Mo Qiong não tinha grandes ambições. Pensando nisso, decidiu aceitar — afinal, com o Efeito do Mergulhador Profundo o protegendo, nunca o abandonariam. Diante disso, melhor colaborar.
Se conseguisse resolver bem a questão dos pesadelos, talvez pudesse se tornar um membro periférico.
“Posso esperar um pouco? Preciso levar meu pai para tratar a perna.”
Falando, ele ponderava que não sabia quando voltaria após partir. O problema da perna do pai estava sempre em sua mente; agora, com dinheiro suficiente, precisava resolver isso.
“É meu único pedido.
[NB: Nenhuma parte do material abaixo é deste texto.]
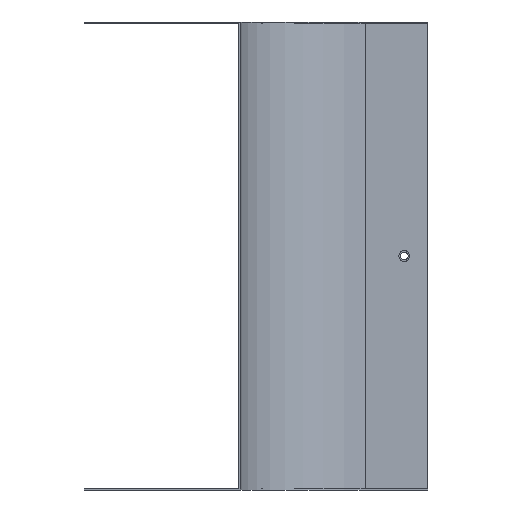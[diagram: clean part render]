
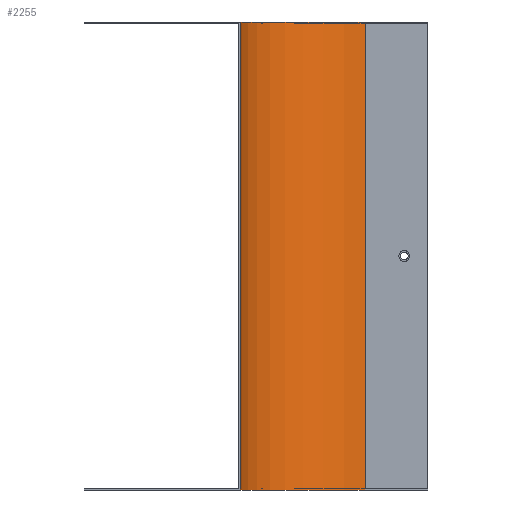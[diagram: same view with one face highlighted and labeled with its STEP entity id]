
A CAD part, left-side view. The second image highlights one B-rep face of the part: STEP entity #2255.
In plain terms, the highlighted cylindrical face has radius 80 mm (diameter 160 mm), a partial arc.
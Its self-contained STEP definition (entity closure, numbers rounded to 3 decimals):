
#51 = CARTESIAN_POINT ( 'NONE',  ( 0., 40., 1. ) ) ;
#52 = DIRECTION ( 'NONE',  ( 0., 0., -1. ) ) ;
#64 = CARTESIAN_POINT ( 'NONE',  ( -80., 40., -299. ) ) ;
#65 = DIRECTION ( 'NONE',  ( 0., 0., -1. ) ) ;
#66 = DIRECTION ( 'NONE',  ( -1., 0., 0. ) ) ;
#69 = CARTESIAN_POINT ( 'NONE',  ( -80., 40., 1. ) ) ;
#70 = DIRECTION ( 'NONE',  ( 0., 0., -1. ) ) ;
#71 = DIRECTION ( 'NONE',  ( -1., 0., 0. ) ) ;
#195 = ORIENTED_EDGE ( 'NONE', *, *, #1584, .F. ) ;
#196 = ORIENTED_EDGE ( 'NONE', *, *, #1583, .F. ) ;
#197 = ORIENTED_EDGE ( 'NONE', *, *, #1582, .T. ) ;
#198 = ORIENTED_EDGE ( 'NONE', *, *, #1533, .T. ) ;
#314 = CARTESIAN_POINT ( 'NONE',  ( 0., 40., -299. ) ) ;
#322 = CARTESIAN_POINT ( 'NONE',  ( 0., 40., 1. ) ) ;
#334 = CARTESIAN_POINT ( 'NONE',  ( -80., 120., 1. ) ) ;
#379 = CARTESIAN_POINT ( 'NONE',  ( -80., 120., -299. ) ) ;
#475 = CARTESIAN_POINT ( 'NONE',  ( -80., 120., 1. ) ) ;
#476 = DIRECTION ( 'NONE',  ( 0., 0., -1. ) ) ;
#535 = AXIS2_PLACEMENT_3D ( 'NONE', #2087, #2085, #2078 ) ;
#798 = VERTEX_POINT ( 'NONE', #314 ) ;
#806 = VERTEX_POINT ( 'NONE', #322 ) ;
#818 = VERTEX_POINT ( 'NONE', #334 ) ;
#863 = VERTEX_POINT ( 'NONE', #379 ) ;
#1117 = AXIS2_PLACEMENT_3D ( 'NONE', #69, #70, #71 ) ;
#1118 = AXIS2_PLACEMENT_3D ( 'NONE', #64, #65, #66 ) ;
#1395 = EDGE_LOOP ( 'NONE', ( #198, #197, #196, #195 ) ) ;
#1533 = EDGE_CURVE ( 'NONE', #818, #863, #1747, .T. ) ;
#1582 = EDGE_CURVE ( 'NONE', #863, #798, #2283, .T. ) ;
#1583 = EDGE_CURVE ( 'NONE', #806, #798, #2285, .T. ) ;
#1584 = EDGE_CURVE ( 'NONE', #818, #806, #2268, .T. ) ;
#1747 = LINE ( 'NONE', #475, #1750 ) ;
#1750 = VECTOR ( 'NONE', #476, 1000. ) ;
#2078 = DIRECTION ( 'NONE',  ( -1., 0., 0. ) ) ;
#2085 = DIRECTION ( 'NONE',  ( 0., 0., -1. ) ) ;
#2087 = CARTESIAN_POINT ( 'NONE',  ( -80., 40., 1. ) ) ;
#2255 = ADVANCED_FACE ( 'NONE', ( #2528 ), #2532, .F. ) ;
#2268 = CIRCLE ( 'NONE', #1117, 80. ) ;
#2283 = CIRCLE ( 'NONE', #1118, 80. ) ;
#2285 = LINE ( 'NONE', #51, #2287 ) ;
#2287 = VECTOR ( 'NONE', #52, 1000. ) ;
#2528 = FACE_OUTER_BOUND ( 'NONE', #1395, .T. ) ;
#2532 = CYLINDRICAL_SURFACE ( 'NONE', #535, 80. ) ;

Assim que meu pai estiver recuperado, eu assino”, disse Mo Qiong.
“Sem problemas”, respondeu Luo Yi, casualmente.
Mo Qiong assentiu. Já havia contatado especialistas por meio de um intermediário; poderia, naquele dia mesmo, levar o pai à cidade.
Quando estava prestes a ligar para chamar um carro, Luo Yi sugeriu: “Não precisa se preocupar, venha conosco”.
E, dizendo isso, entrou diretamente no banco do passageiro.
Wei Lan abriu a porta do motorista com naturalidade.
Mo Qiong entrou e Wei Lan conduziu o carro até a porta de sua casa, entrando com ele em seguida.
“Vocês precisam mesmo me acompanhar assim?”, questionou Mo Qiong, sem esconder o incômodo.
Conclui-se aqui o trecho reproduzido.